The Saraf group of enterprises was established by the forward-thinking Shri Mahavir G. Saraf in 1952. Sarex Overseas represents a segment of the Saraf group of corporations, and its primary operations center on being a prominent producer of Fine Chemicals and API Intermediates within India. The corporate headquarters of Sarex Overseas is situated in Mumbai, while its manufacturing facility is located in MIDC, Tarapur, which is approximately 100 kilometers from Mumbai in India. Sarex, which was founded in 2002, has garnered a reputation as a reputable Exporter, Manufacturer, and Supplier in India, focusing on producing Active Pharmaceutical Ingredients (API), Bulk Drug Intermediates, and Veterinary Medicines, including IVERMECTIN EP, among others. The organization's adept team of professionals, under expert guidance, processes all products, and the finished range undergoes thorough scrutiny by quality analysts based on various parameters such as composition, pH value, viscosity, and packaging. The company utilizes top-notch materials for packaging. Sarex specializes in the production of high-quality organic fine chemicals for the pharmaceutical and electronics industries, with a focus on Fridel craft, halogenation, nitration, oxidation, and high-pressure reactions. Notably, Sarex excels in process development and customer synthesis, operates pilot plants, and engages in bulk production of heterocycles like Tetrazoles, Triazines, and Quinazolines, among others. Its multipurpose plants include Glass-lined reactors, Stainless steel reactors, high-pressure reactors, and high vacuum distillation units, all supported by QA, QC, and R&D. The company serves as a supplier to numerous catalogue companies for small and bulk quantities and also provides toll manufacturing for large multinational companies.

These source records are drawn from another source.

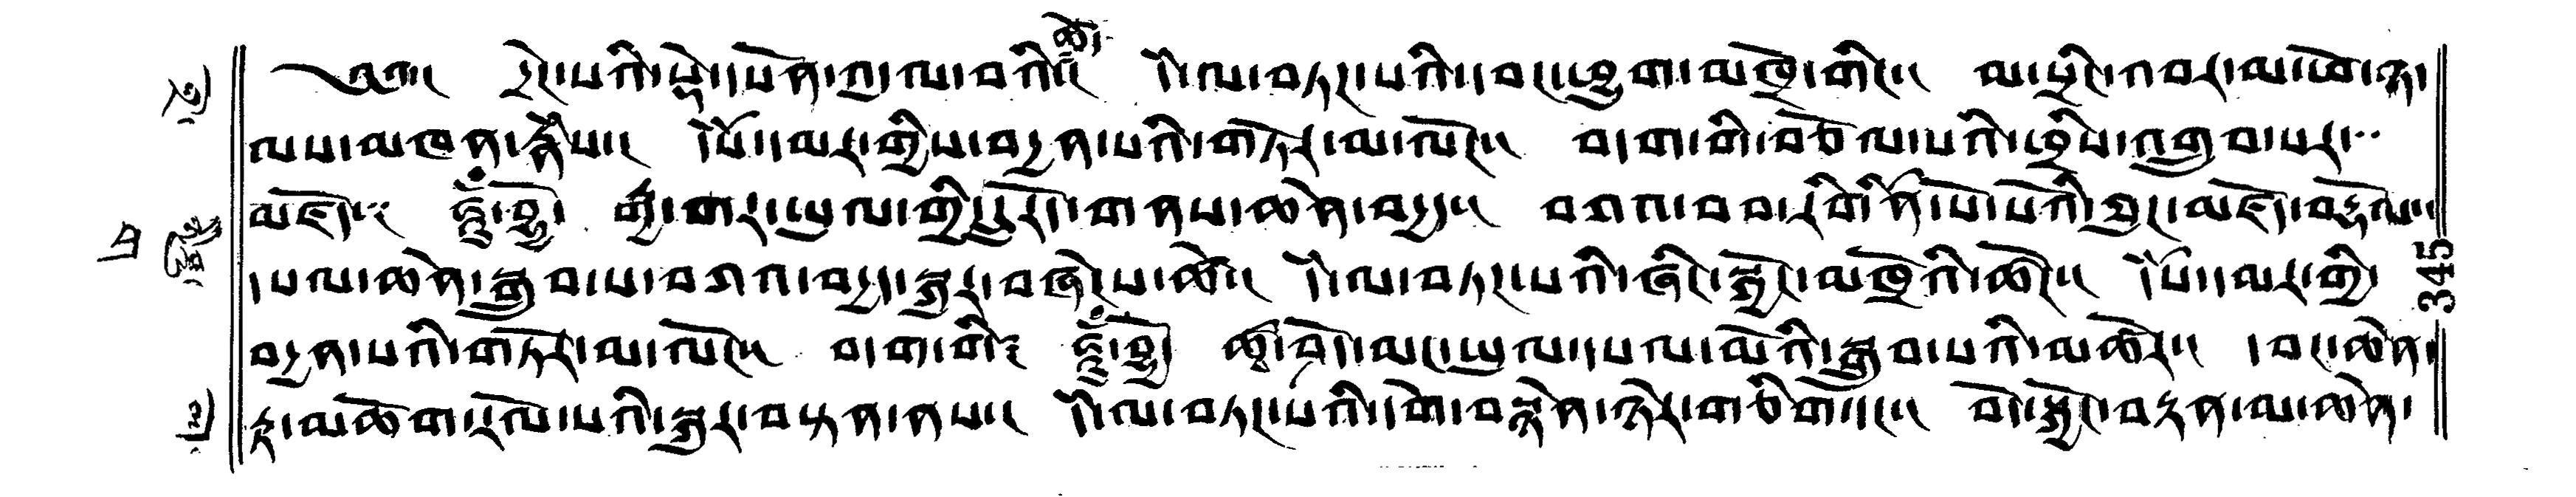དྲེགས་པའི་སྡེ་དཔོན་འདུལ་བའི་ཚེ། །དམ་ལ་བཏགས་པའི་དབང་ཕྱུག་མཁའ་འགྲོ་གིང་། །མ་སྲིང་འབར་མ་ཕོ་ཉ་
ལས་མཁན་རྣམས། །དམ་རྫས་དམར་གྱིས་བརྒྱན་པའི་གཏོར་མ་ལོངས། །བདག་གི་བཅོལ་པའི་ཕྲིན་ལས་འགྲུབ་པར་
མཛོད། ཧཱུྃ་བྷྱོ། རྒྱ་གར་ཡུལ་གྱི་དུར་ཁྲོད་གནས་ཆེན་བརྒྱད། །བཀའ་བབ་རིག་འཛིན་སོ་སོའི་ཐུགས་མཛོད་བརྡོལ། །
དཔལ་ཆེན་སྒྲུབ་པ་བཀའ་བརྒྱད་སྐུར་བཞེངས་ཚེ། །དམ་ལ་བཏགས་པའི་ཞིང་སྐྱོང་མཁའ་འགྲོའི་ཚོགས། །དམ་རྫས་དམར་གྱིས་
བརྒྱན་པའི་གཏོར་མ་ལོངས། །བདག་གི༴ ཧཱུྃ་བྷྱོ། ཚྭ་ཤོད་མང་ཡུུལ་དཔལ་མོའི་སྒྲུབ་པའི་མཚོར། །དབང་ཆེན་
རྟ་མཆོག་རོལ་པའི་སྐུར་བསྟན་ནས། །དམ་ལ་བཏགས་པའི་དགེ་བསྙེན་ཉེར་གཅིག་དང་། །བོད་སྐྱོང་བརྟན་མ་ཆེན་

Fujian Fukang Pharmaceutical Co., Ltd (Fukang) is located in Fuzhou-capital of Fujian province, founded in 1958, renamed Fuzhou Antibiotic General Factory in 1992 and became a wholly state-owned enterprise in 1996. In 2002 it was reformed into a corporation with a variety of shareholders. Over more than 40 years Fukang is steadily growing. Starting from a single product, its current product range includes 7ACA intermediate, sterile cephalosporin API, antibiotic API, preparation and Animal Feed. As one of the top 100 pharmaceutical enterprises in China in terms of sales volume and profit, Fukang has successfully established and maintained a long-term and sound business relationship with more than 100 companies over the world. Following the sustained development strategy, Fukang invested in a new plant with 285,000 m2 in Jiangyin chemical industry zone, Fuzhou in 2003.

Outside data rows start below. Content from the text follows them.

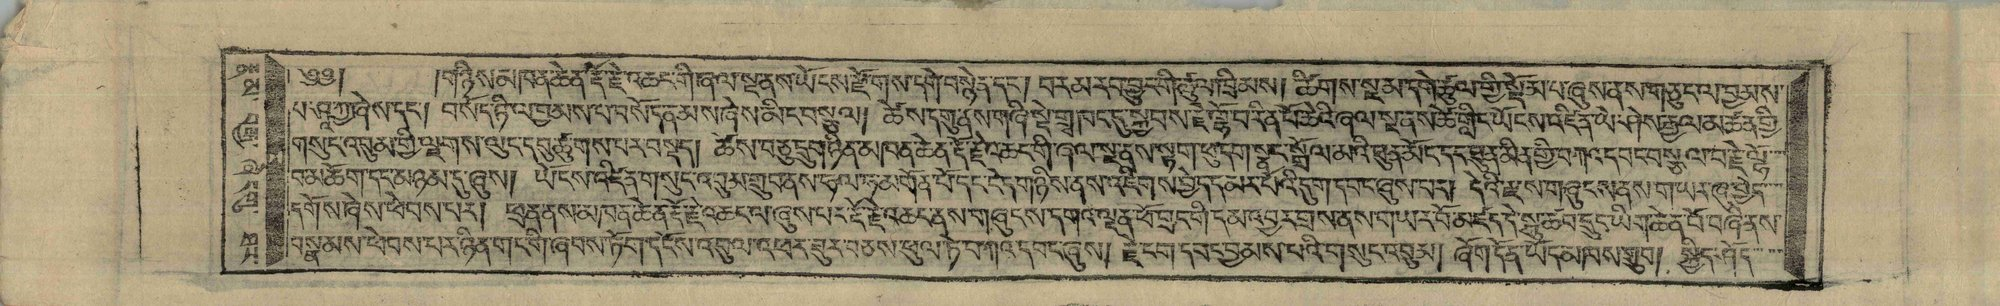༄༅། །གཉིས་མཁན་ཆེན་རྡོ་རྗེ་འཆང་གི་ཞལ་སྔ་ནས་ཡོངས་རྫོགས་དགེ་བསྙེན་དང་། བར་མ་རབ་བྱུང་གི་ཚུལ་ཁྲིམས། ཚིགས་སྔ་མ་དགེ་ཚུལ་གྱི་སྡོམ་པ་ཞུས་ནས་གཅུང་ལ་བྱམས་
པ་ཤཱཀྱ་ཞེས་དང་། བསོད་ཉི་ལ་བྱམས་པ་བསོད་ནམས་ཞེས་མིང་བསྩལ། ཚེས་དགུ་ནས་གཞི་སྡེ་གྲྭ་ཁང་དུ་སྐྱབས་རྗེ་ལྷོ་བ་རིན་པོ་ཆེའི་ཞལ་སྔ་ནས་ཚེ་གླིང་ཡོངས་འཛིན་ཡེ་ཤེས་རྒྱལ་མཚན་གྱི་
གསུང་འབུམ་གྱི་ལྗགས་ལུང་དབུ་ཚུགས་པར་བསྡད། ཚེས་བཅུ་དྲུག་ཉིན་མཁན་ཆེན་རྡོ་རྗེ་འཆང་གི་ཞལ་སྔ་ནས་སྟག་ཕུ་དག་སྣང་སྒྲོལ་མའི་ཐུན་མོང་དང་ཐུན་མིན་གྱི་བཀའ་དབང་བསྩལ་བ་རྗེ་ལྷོ་
བ་མཆོག་དང་མཉམ་དུ་ཞུས། ཡོངས་འཛིན་གསུང་འབུམ་གྲུབ་ནས་ཧལ་ཧ་མགོན་པོ་དང་ངེད་གཉིས་ནས་འཇིགས་བྱེད་དམར་པོའི་དུག་དབང་ཞུས་པར། དེའི་རྫས་གཞུངས་ནས་གཡར་ཞུ་བྱེད་
དགོས་ཞེས་ཕེབས་པར། ཕྲན་ནས་མཁན་ཆེན་རྡོ་རྗེ་འཆང་ལ་ཞུས་པར་རྡོ་རྗེ་འཆང་ནས་གཞུངས་དགའ་ལྡན་ཕོ་བྲང་གི་དམ་འབྱར་གྲས་ནས་གཡར་བོ་མཛད་དེ་སྐུ་ཚབ་དྲུང་ཡིག་ཆེན་པོ་བཞི་ནས་
བསྣམས་ཕེབས་པར་ཉིན་གང་གི་ཞབས་ཏོག་དངོས་འབུལ་འཕར་ཟུར་བཅས་ཕུལ་ཏེ་བཀའ་དབང་ཞུས། རྗེ་ངག་དབང་བྱམས་པའི་གསུང་འབུམ། ཞོག་དོན་ཡོད་མཁས་གྲུབ། སྐྱིད་ཤོད་

Maiva Pharma initiated its operations in 1996, specializing as a producer of premium liquid sterile formulations in small-volume glass vials and ampoules, as well as large-volume glass bottles. The facility is equipped with 4 manufacturing lines capable of producing both aseptically filled and terminally sterilized products. Maiva holds certifications from EU-GMP, Health Canada, PIC/S, USFDA, ANVISA, and WHO-GMP. Additionally, Maiva has obtained 19 ANDA approvals for the US market. The company possesses the capability to conduct comprehensive pharmaceutical development and manufacturing of sterile liquid and lyophilized vials.